VII. Examining the BLAST Results

  1. When the BLAST results are ready, the page will reload showing the name of the organism, the query and subject coverage, the score and the E value. Depending on the type of BLAST selected, researchers will also see locus tags, gene symbols and functional descriptions for the features, or information about the genomic contigs. Step 11
  2. Clicking on a single check box in front of a specific return will do two things. It will populate the vertical green bar with all the possible downstream analysis tools or processes that can be deployed with that selection. With a single choice, those possibilities include;
  • The ability to download information on the sequence
  • The fasta file (protein or nucleotide)
  • The ability to look at other identifiers linked to the gene by the ID Mapping tool, what pathway includes the selected gene
  • An ability to either create a new group that includes the feature, or to add it to an existing group,
  • A direct link to the genome landing page that the feature belongs to.
  • A direct link to the feature landing page for that gene or protein. When a single result is selected, the information about that specific choice also appears beyond the green bar. Step 12
  1. Clicking on multiple check boxes will also populate the vertical green bar with the downstream analysis tools or processes. These are similar to those enabled when a single return was selected, with a few differences that include:
  • The ability to generate a multiple sequence alignment (MSA)
  • The ability to go to a specific landing page that summarizes all the data across the selected features (Features icon)
  • The ability to go to a specific landing page that summarizes all the data across the genomes that contain the selected features (Genomes icon) Step 13
  1. Some examples of downstream process are demonstrated, specifically obtaining sequences, generating gene trees/multiple sequence alignment, and the summarization of selected genes on a KEGG pathway map.

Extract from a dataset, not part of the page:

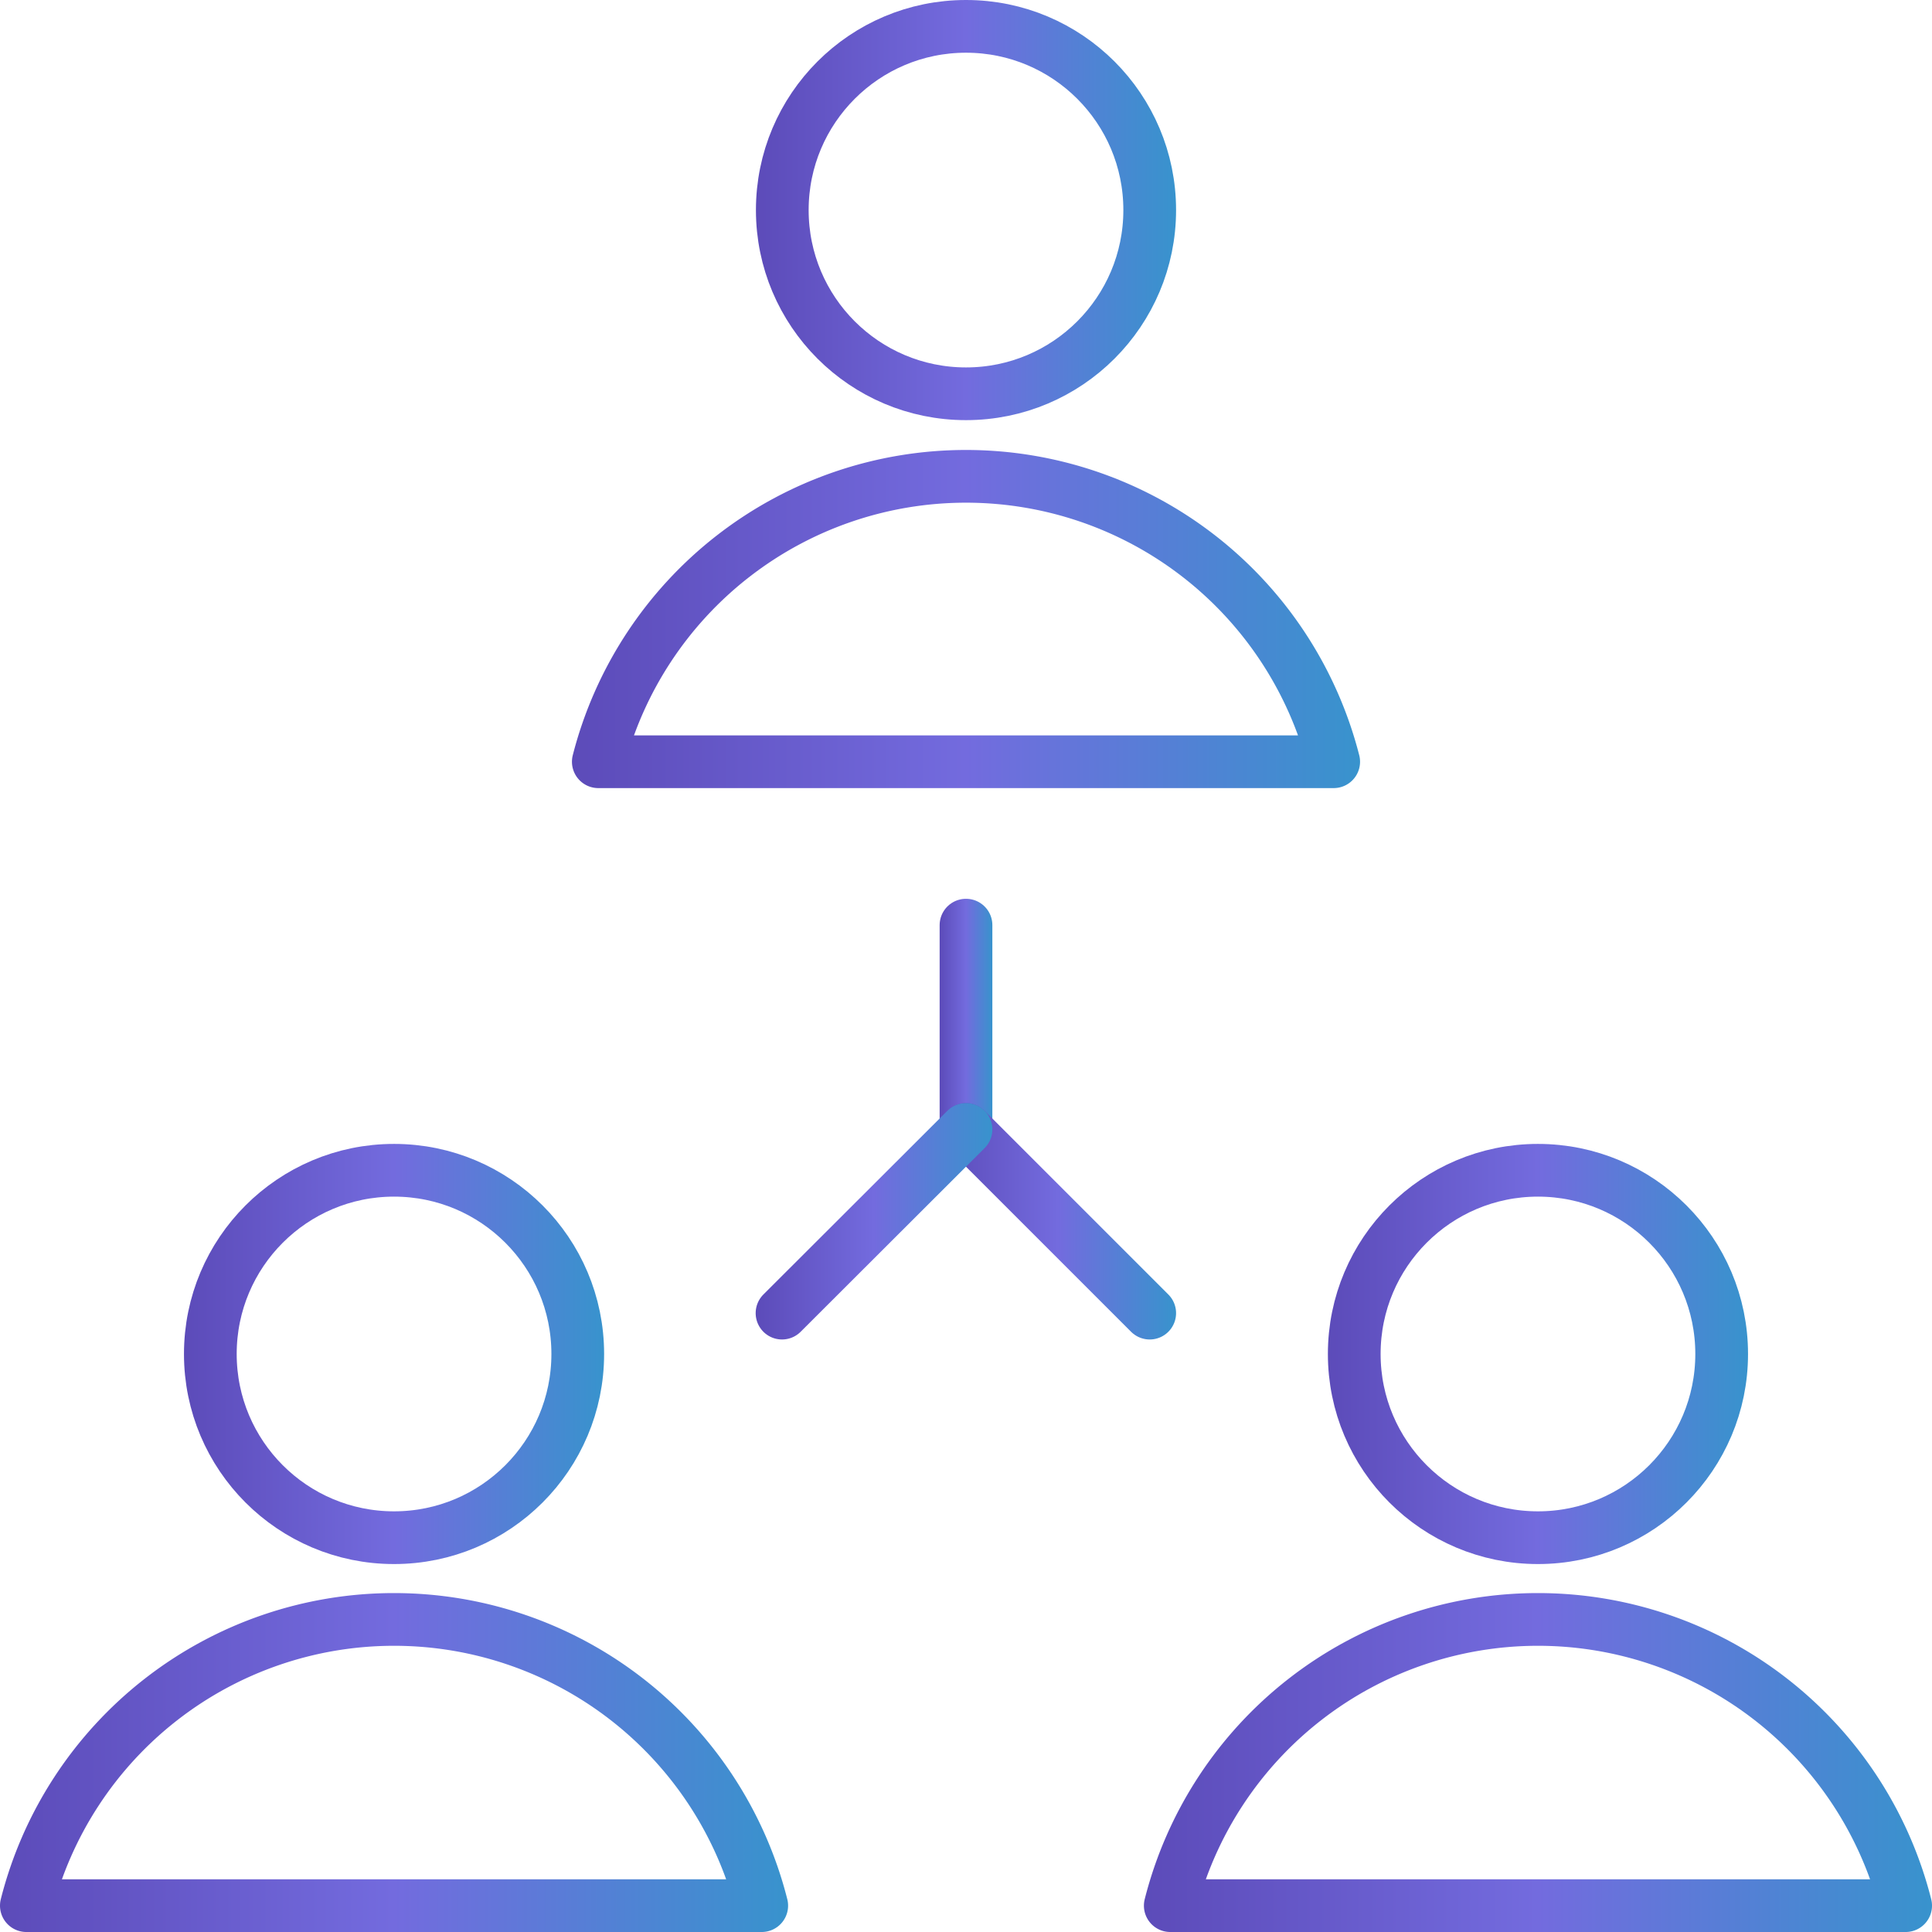<svg id="Capa_1" data-name="Capa 1" xmlns="http://www.w3.org/2000/svg" xmlns:xlink="http://www.w3.org/1999/xlink" viewBox="0 0 73.3 73.3"><defs><style>.cls-1,.cls-2,.cls-3,.cls-4,.cls-5,.cls-6,.cls-7,.cls-8,.cls-9{fill:none;stroke-linecap:round;stroke-linejoin:round;stroke-width:2px;}.cls-1{stroke:url(#Violet_Blue_Gradient_RGB);}.cls-2{stroke:url(#Violet_Blue_Gradient_RGB-2);}.cls-3{stroke:url(#Violet_Blue_Gradient_RGB-3);}.cls-4{stroke:url(#Violet_Blue_Gradient_RGB-4);}.cls-5{stroke:url(#Violet_Blue_Gradient_RGB-5);}.cls-6{stroke:url(#Violet_Blue_Gradient_RGB-6);}.cls-7{stroke:url(#Violet_Blue_Gradient_RGB-7);}.cls-8{stroke:url(#Violet_Blue_Gradient_RGB-8);}.cls-9{stroke:url(#Violet_Blue_Gradient_RGB-9);}</style><linearGradient id="Violet_Blue_Gradient_RGB" x1="35.65" y1="38.97" x2="37.65" y2="38.97" gradientUnits="userSpaceOnUse"><stop offset="0" stop-color="#5c4bb9"/><stop offset="0.5" stop-color="#736bde"/><stop offset="1" stop-color="#3893cd"/></linearGradient><linearGradient id="Violet_Blue_Gradient_RGB-2" x1="35.65" y1="46.33" x2="44.62" y2="46.33" xlink:href="#Violet_Blue_Gradient_RGB"/><linearGradient id="Violet_Blue_Gradient_RGB-3" x1="28.67" y1="46.33" x2="37.65" y2="46.33" xlink:href="#Violet_Blue_Gradient_RGB"/><linearGradient id="Violet_Blue_Gradient_RGB-4" x1="28.67" y1="7.97" x2="44.62" y2="7.97" xlink:href="#Violet_Blue_Gradient_RGB"/><linearGradient id="Violet_Blue_Gradient_RGB-5" x1="21.7" y1="23.48" x2="51.6" y2="23.48" xlink:href="#Violet_Blue_Gradient_RGB"/><linearGradient id="Violet_Blue_Gradient_RGB-6" x1="6.97" y1="51.37" x2="22.92" y2="51.37" xlink:href="#Violet_Blue_Gradient_RGB"/><linearGradient id="Violet_Blue_Gradient_RGB-7" x1="0" y1="66.87" x2="29.9" y2="66.87" xlink:href="#Violet_Blue_Gradient_RGB"/><linearGradient id="Violet_Blue_Gradient_RGB-8" x1="50.37" y1="51.37" x2="66.32" y2="51.37" xlink:href="#Violet_Blue_Gradient_RGB"/><linearGradient id="Violet_Blue_Gradient_RGB-9" x1="43.4" y1="66.87" x2="73.3" y2="66.87" xlink:href="#Violet_Blue_Gradient_RGB"/></defs><line class="cls-1" x1="36.65" y1="35.1" x2="36.65" y2="42.85"/><line class="cls-2" x1="36.65" y1="42.85" x2="43.62" y2="49.82"/><line class="cls-3" x1="36.65" y1="42.85" x2="29.67" y2="49.82"/><circle class="cls-4" cx="36.65" cy="7.97" r="6.97"/><path class="cls-5" d="M50.6,28.9a14.4,14.4,0,0,0-27.9,0Z"/><circle class="cls-6" cx="14.95" cy="51.37" r="6.97"/><path class="cls-7" d="M28.9,72.3A14.39,14.39,0,0,0,1,72.3Z"/><circle class="cls-8" cx="58.35" cy="51.37" r="6.97"/><path class="cls-9" d="M72.3,72.3a14.39,14.39,0,0,0-27.9,0Z"/></svg>

Step 14

VIII. Submitting Another BLAST Job

  1. At the top of the BLAST result page, researchers can click on the Edit from and resubmit button to initiate another BLAST job Step 15
  2. This will reload the page, showing the original parameters used for the first BLAST job. These can be adjusted, with a second job submitted by clicking the Search button at the bottom of the page. Step 16

References

  1. Boratyn, G.M., Camacho, C., Cooper, P.S., Coulouris, G., Fong, A., Ma, N., Madden, T.L., Matten, W.T., McGinnis, S.D., Merezhuk, Y. et al. (2013) BLAST: a more efficient report with usability improvements. Nucleic acids research, 41, W29-33.
  2. O'Leary, N.A., Wright, M.W., Brister, J.R., Ciufo, S., Haddad, D., McVeigh, R., Rajput, B., Robbertse, B., Smith-White, B., Ako-Adjei, D. et al. (2016) Reference sequence (RefSeq) database at NCBI: current status, taxonomic expansion, and functional annotation. Nucleic acids research, 44, D733-745.